I have implemented two different JWT based strategies in my application:
- The first strategy involves single sign-on for organization members, where an external provider generates a JWT.
- The second strategy is for email/password authenticated external users, where the application itself creates a JWT.
When it comes to route access, only one of these strategies needs to succeed. However, if multiple guards are declared, all guards must succeed which presents a problem.
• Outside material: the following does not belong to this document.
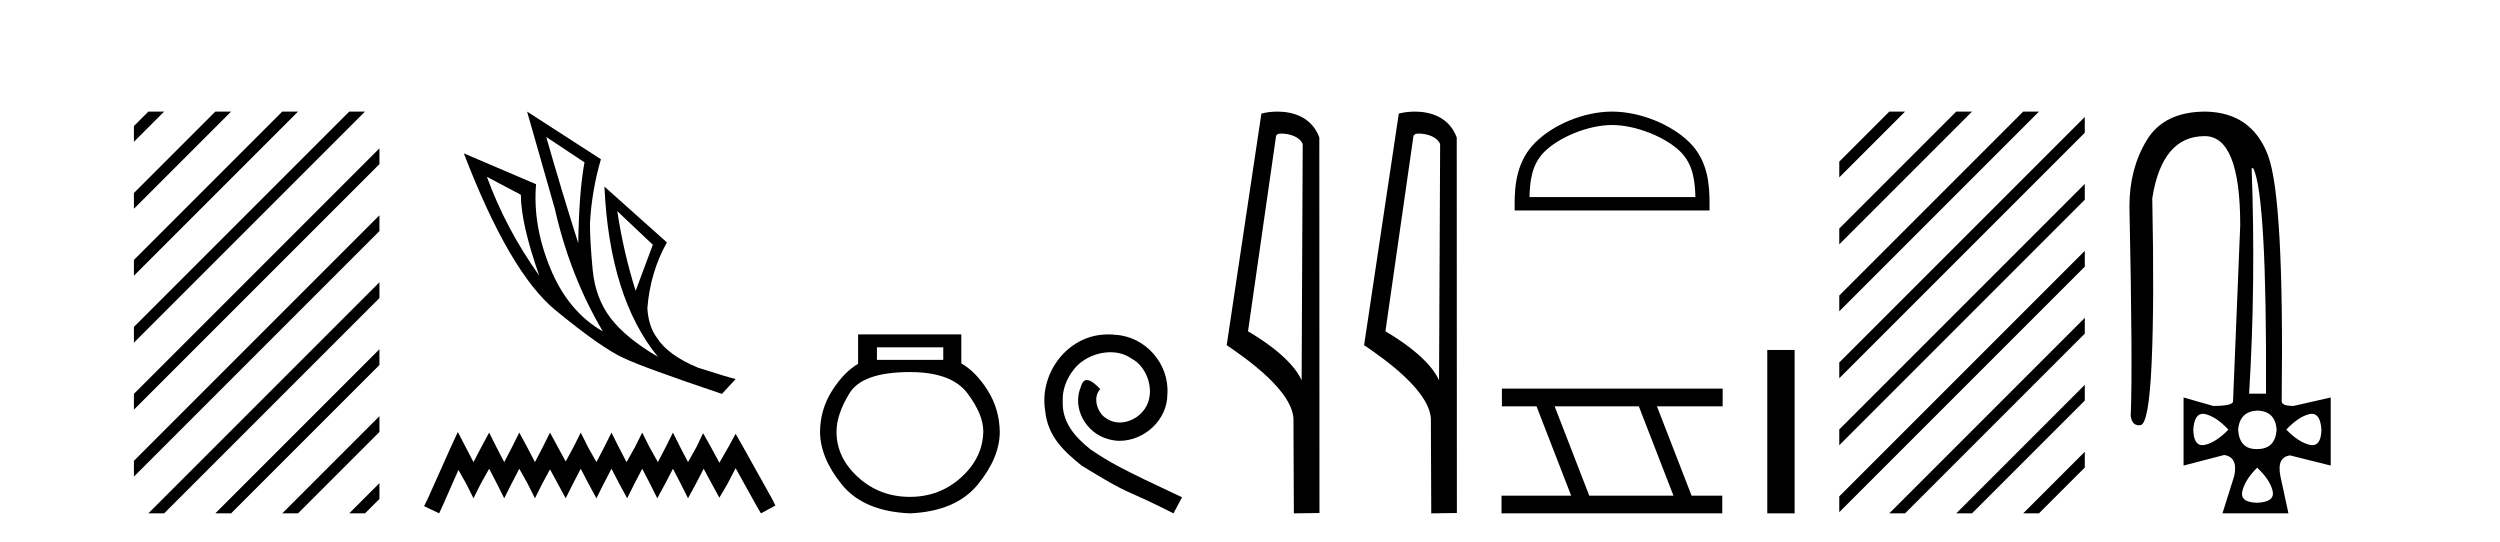 <?xml version='1.0' encoding='UTF-8' standalone='yes'?><svg xmlns='http://www.w3.org/2000/svg' xmlns:xlink='http://www.w3.org/1999/xlink' width='189.0' height='41.0' ><path d='M 11.215 8.437 L 10.124 9.528 L 10.124 10.721 L 12.11 8.735 L 12.408 8.437 ZM 16.277 8.437 L 10.124 14.59 L 10.124 14.59 L 10.124 15.783 L 10.124 15.783 L 17.172 8.735 L 17.47 8.437 ZM 21.339 8.437 L 10.124 19.652 L 10.124 19.652 L 10.124 20.845 L 10.124 20.845 L 22.234 8.735 L 22.532 8.437 ZM 26.401 8.437 L 10.124 24.714 L 10.124 24.714 L 10.124 25.907 L 10.124 25.907 L 27.296 8.735 L 27.594 8.437 ZM 28.685 11.215 L 10.124 29.776 L 10.124 29.776 L 10.124 30.969 L 10.124 30.969 L 28.685 12.408 L 28.685 11.215 ZM 28.685 16.277 L 10.124 34.838 L 10.124 34.838 L 10.124 36.031 L 10.124 36.031 L 28.685 17.47 L 28.685 16.277 ZM 28.685 21.339 L 11.513 38.511 L 11.215 38.809 L 12.408 38.809 L 28.685 22.532 L 28.685 22.532 L 28.685 21.339 ZM 28.685 26.401 L 16.575 38.511 L 16.277 38.809 L 17.47 38.809 L 28.685 27.594 L 28.685 26.401 ZM 28.685 31.463 L 21.637 38.511 L 21.339 38.809 L 22.532 38.809 L 28.685 32.656 L 28.685 31.463 ZM 28.685 36.525 L 26.7 38.511 L 26.401 38.809 L 27.594 38.809 L 28.685 37.719 L 28.685 36.525 Z' style='fill:#000000;stroke:none' /><path d='M 41.296 10.356 L 44.188 12.274 Q 43.775 14.488 43.716 18.385 Q 42.476 14.488 41.296 10.356 ZM 36.809 13.367 L 39.377 14.724 Q 39.377 16.879 40.764 20.835 Q 38.255 17.322 36.809 13.367 ZM 46.668 15.964 L 49.354 18.503 L 48.055 21.986 Q 47.14 19.093 46.668 15.964 ZM 39.849 8.437 L 41.945 15.787 Q 43.096 20.864 45.576 25.056 Q 42.949 23.551 41.606 20.289 Q 40.262 17.027 40.528 13.927 L 35.067 11.595 Q 38.521 20.599 41.989 23.447 Q 45.458 26.296 47.14 27.064 Q 48.616 27.772 54.579 29.779 L 55.612 28.658 Q 54.904 28.48 52.779 27.801 Q 50.506 26.857 49.679 25.558 Q 49.03 24.702 48.941 23.315 Q 49.148 20.599 50.417 18.326 L 45.694 14.105 L 45.694 14.105 Q 46.078 22.488 49.738 26.975 Q 47.317 25.558 46.166 24.053 Q 45.015 22.547 44.808 20.422 Q 44.602 18.296 44.602 16.909 Q 44.72 14.488 45.428 12.038 L 39.849 8.437 Z' style='fill:#000000;stroke:none' /><path d='M 34.611 32.659 L 34.064 33.844 L 32.333 37.716 L 32.06 38.263 L 33.199 38.809 L 33.472 38.217 L 34.657 35.529 L 35.249 36.577 L 35.796 37.67 L 36.342 36.577 L 36.98 35.438 L 37.572 36.577 L 38.119 37.67 L 38.666 36.577 L 39.258 35.438 L 39.896 36.577 L 40.442 37.67 L 40.989 36.577 L 41.581 35.484 L 42.173 36.577 L 42.766 37.67 L 43.312 36.577 L 43.905 35.438 L 44.497 36.577 L 45.089 37.67 L 45.636 36.577 L 46.228 35.438 L 46.82 36.577 L 47.413 37.67 L 47.959 36.577 L 48.551 35.438 L 49.144 36.577 L 49.69 37.67 L 50.283 36.577 L 50.875 35.438 L 51.467 36.577 L 52.014 37.67 L 52.606 36.577 L 53.198 35.438 L 53.836 36.623 L 54.383 37.625 L 54.975 36.623 L 55.613 35.393 L 57.207 38.263 L 57.526 38.809 L 58.62 38.217 L 58.346 37.67 L 56.159 33.753 L 55.613 32.796 L 55.066 33.798 L 54.383 34.983 L 53.745 33.798 L 53.153 32.75 L 52.652 33.798 L 52.014 34.937 L 51.422 33.798 L 50.875 32.705 L 50.328 33.798 L 49.736 34.937 L 49.098 33.798 L 48.551 32.705 L 48.005 33.798 L 47.367 34.937 L 46.775 33.798 L 46.228 32.705 L 45.681 33.798 L 45.089 34.937 L 44.451 33.798 L 43.905 32.705 L 43.358 33.798 L 42.766 34.891 L 42.173 33.798 L 41.581 32.705 L 41.035 33.798 L 40.442 34.937 L 39.85 33.798 L 39.258 32.705 L 38.711 33.798 L 38.119 34.937 L 37.527 33.798 L 36.98 32.705 L 36.388 33.798 L 35.796 34.937 L 35.203 33.798 L 34.611 32.659 Z' style='fill:#000000;stroke:none' /><path d='M 71.311 26.259 L 71.311 27.208 L 66.296 27.208 L 66.296 26.259 ZM 68.789 28.128 Q 71.934 28.128 73.136 29.73 Q 74.337 31.332 74.337 32.608 Q 74.308 34.596 72.676 36.08 Q 71.044 37.563 68.789 37.563 Q 66.504 37.563 64.872 36.08 Q 63.24 34.596 63.24 32.638 Q 63.24 31.332 64.22 29.73 Q 65.199 28.128 68.789 28.128 ZM 64.872 25.279 L 64.872 27.505 Q 63.804 28.128 62.914 29.522 Q 62.024 30.917 61.994 32.608 Q 61.994 34.596 63.641 36.629 Q 65.288 38.661 68.789 38.809 Q 72.26 38.661 73.922 36.629 Q 75.583 34.596 75.583 32.638 Q 75.554 30.917 74.664 29.508 Q 73.774 28.098 72.676 27.475 L 72.676 25.279 Z' style='fill:#000000;stroke:none' /><path d='M 83.794 25.279 C 83.606 25.279 83.418 25.297 83.231 25.314 C 80.514 25.604 78.584 28.354 79.011 31.019 C 79.199 33.001 80.429 34.111 81.778 35.205 C 85.793 37.665 84.666 36.759 88.714 38.809 L 89.363 37.596 C 84.546 35.341 83.965 34.983 82.462 33.992 C 81.232 33.001 80.258 31.908 80.343 30.251 C 80.309 29.106 80.993 27.927 81.761 27.364 C 82.376 26.902 83.162 26.629 83.931 26.629 C 84.512 26.629 85.058 26.766 85.537 27.107 C 86.75 27.705 87.416 29.687 86.528 30.934 C 86.118 31.532 85.383 31.942 84.648 31.942 C 84.29 31.942 83.931 31.839 83.623 31.617 C 83.008 31.276 82.547 30.08 83.179 29.414 C 82.889 29.106 82.479 28.73 82.171 28.73 C 81.966 28.73 81.813 28.884 81.71 29.243 C 81.027 30.883 82.12 32.745 83.76 33.189 C 84.051 33.274 84.341 33.326 84.631 33.326 C 86.51 33.326 88.253 31.754 88.253 29.807 C 88.424 27.534 86.613 25.45 84.341 25.314 C 84.17 25.297 83.982 25.279 83.794 25.279 Z' style='fill:#000000;stroke:none' /><path d='M 96.873 10.1 C 97.498 10.1 98.262 10.34 98.485 10.89 L 98.403 28.751 L 98.403 28.751 C 98.086 28.034 97.145 26.699 94.35 25.046 L 96.472 10.263 C 96.572 10.157 96.569 10.1 96.873 10.1 ZM 98.403 28.751 L 98.403 28.751 C 98.403 28.751 98.403 28.751 98.403 28.751 L 98.403 28.751 L 98.403 28.751 ZM 96.576 8.437 C 96.098 8.437 95.667 8.505 95.361 8.588 L 92.738 26.094 C 94.126 27.044 97.939 29.648 97.787 31.91 L 97.815 38.809 L 99.752 38.783 L 99.741 10.393 C 99.165 8.837 97.734 8.437 96.576 8.437 Z' style='fill:#000000;stroke:none' /><path d='M 107.261 10.1 C 107.886 10.1 108.651 10.34 108.874 10.89 L 108.792 28.751 L 108.792 28.751 C 108.475 28.034 107.534 26.699 104.738 25.046 L 106.86 10.263 C 106.96 10.157 106.957 10.1 107.261 10.1 ZM 108.792 28.751 L 108.792 28.751 C 108.792 28.751 108.792 28.751 108.792 28.751 L 108.792 28.751 L 108.792 28.751 ZM 106.964 8.437 C 106.486 8.437 106.055 8.505 105.749 8.588 L 103.126 26.094 C 104.514 27.044 108.327 29.648 108.175 31.91 L 108.203 38.809 L 110.14 38.783 L 110.129 10.393 C 109.553 8.837 108.122 8.437 106.964 8.437 Z' style='fill:#000000;stroke:none' /><path d='M 121.874 9.451 C 123.686 9.451 125.954 10.382 127.052 11.48 C 128.012 12.44 128.138 13.713 128.173 14.896 L 115.628 14.896 C 115.663 13.713 115.788 12.44 116.749 11.48 C 117.846 10.382 120.061 9.451 121.874 9.451 ZM 121.874 8.437 C 119.724 8.437 117.41 9.43 116.055 10.786 C 114.664 12.176 114.507 14.007 114.507 15.377 L 114.507 15.911 L 129.241 15.911 L 129.241 15.377 C 129.241 14.007 129.137 12.176 127.746 10.786 C 126.39 9.43 124.024 8.437 121.874 8.437 Z' style='fill:#000000;stroke:none' /><path d='M 123.896 30.718 L 126.514 37.471 L 120.148 37.471 L 117.531 30.718 ZM 113.544 29.379 L 113.544 30.718 L 116.162 30.718 L 118.78 37.471 L 113.515 37.471 L 113.515 38.809 L 130.203 38.809 L 130.203 37.471 L 127.883 37.471 L 125.265 30.718 L 130.233 30.718 L 130.233 29.379 Z' style='fill:#000000;stroke:none' /><path d='M 133.607 26.458 L 133.607 38.809 L 135.674 38.809 L 135.674 26.458 Z' style='fill:#000000;stroke:none' /><path d='M 142.829 8.437 L 139.049 12.217 L 139.049 13.41 L 143.724 8.735 L 144.022 8.437 ZM 147.891 8.437 L 139.049 17.279 L 139.049 18.472 L 148.786 8.735 L 149.084 8.437 ZM 152.953 8.437 L 139.049 22.341 L 139.049 23.534 L 153.848 8.735 L 154.147 8.437 ZM 157.61 8.842 L 139.049 27.403 L 139.049 28.596 L 157.61 10.035 L 157.61 8.842 ZM 157.61 13.904 L 139.049 32.465 L 139.049 33.658 L 157.61 15.097 L 157.61 13.904 ZM 157.61 18.966 L 139.049 37.527 L 139.049 38.72 L 157.61 20.159 L 157.61 18.966 ZM 157.61 24.028 L 143.127 38.511 L 142.829 38.809 L 144.022 38.809 L 157.61 25.222 L 157.61 24.028 ZM 157.61 29.091 L 148.19 38.511 L 147.891 38.809 L 149.084 38.809 L 157.61 30.284 L 157.61 29.091 ZM 157.61 34.153 L 153.252 38.511 L 152.953 38.809 L 154.147 38.809 L 157.61 35.346 L 157.61 34.153 Z' style='fill:#000000;stroke:none' /><path d='M 170.352 12.721 Q 171.375 14.863 171.311 29.762 L 170.033 29.762 Q 170.544 21.417 170.224 12.721 ZM 166.534 31.285 Q 166.63 31.285 166.74 31.312 Q 167.571 31.52 168.466 32.479 Q 167.539 33.438 166.692 33.63 Q 166.586 33.654 166.493 33.654 Q 165.84 33.654 165.812 32.479 Q 165.896 31.285 166.534 31.285 ZM 174.778 31.285 Q 175.416 31.285 175.5 32.479 Q 175.472 33.654 174.82 33.654 Q 174.726 33.654 174.62 33.63 Q 173.773 33.438 172.846 32.479 Q 173.741 31.52 174.573 31.312 Q 174.682 31.285 174.778 31.285 ZM 170.64 31.04 Q 172.015 31.072 172.111 32.479 Q 172.015 33.95 170.64 33.95 Q 170.612 33.95 170.585 33.95 Q 169.295 33.95 169.201 32.479 Q 169.329 31.104 170.64 31.04 ZM 170.64 35.356 Q 171.599 36.252 171.807 37.099 Q 172.015 37.946 170.64 38.01 Q 169.329 37.978 169.521 37.131 Q 169.713 36.284 170.64 35.356 ZM 166.74 8.437 Q 163.606 8.437 162.296 10.595 Q 160.985 12.753 160.985 15.598 Q 161.241 27.939 161.081 31.424 Q 161.168 32.151 161.704 32.151 Q 161.758 32.151 161.816 32.143 Q 162.455 32.063 162.663 27.46 Q 162.871 22.856 162.711 14.991 Q 163.447 10.291 166.676 10.291 Q 169.361 10.291 169.361 17.037 L 168.818 30.337 Q 168.818 30.689 167.315 30.689 L 165.077 30.049 L 165.077 35.197 L 168.146 34.397 Q 169.201 34.557 168.914 35.964 L 168.018 38.809 L 173.006 38.809 L 172.398 35.996 Q 172.111 34.557 173.134 34.429 L 176.203 35.197 L 176.203 30.049 L 173.39 30.689 Q 172.494 30.689 172.494 30.337 Q 172.686 14.959 171.455 11.73 Q 170.224 8.501 166.74 8.437 Z' style='fill:#000000;stroke:none' /></svg>

For instance, the following code snippet requires both guards to succeed even though realistically only one guard will fulfill the requirements:
@UseGuards(AuthGuard('local-jwt'))
@UseGuards(AuthGuard('azure-ad'))
someRoute(
@CurrentUser currentUser: User,
) {
//...
}
In a solution I found on this GitHub issue, a custom ComposeGuard was created to handle this logic:
@Injectable()
export class ComposeGuard implements CanActivate {
constructor(private allowGuard: AllowGuard, private authGuard: AuthGuard, private roleGuard: RoleGuard) {
}
async canActivate(context: ExecutionContext): Promise<boolean> {
return await this.allowGuard.canActivate(context) || (await this.authGuard.canActivate(context) && await this.roleGuard.canActivate(context));
}
}
While this approach allows for the required custom logic, there is uncertainty regarding how to import guards as dependencies due to guards not being regular classes that can be injected. Additionally, a strategy is a class but does not contain a `canActivate` method.
Another option explored was to make one strategy inherit from the other. However, this solution seems like a messy semantic choice as the strategies run parallel and do not depend on each other.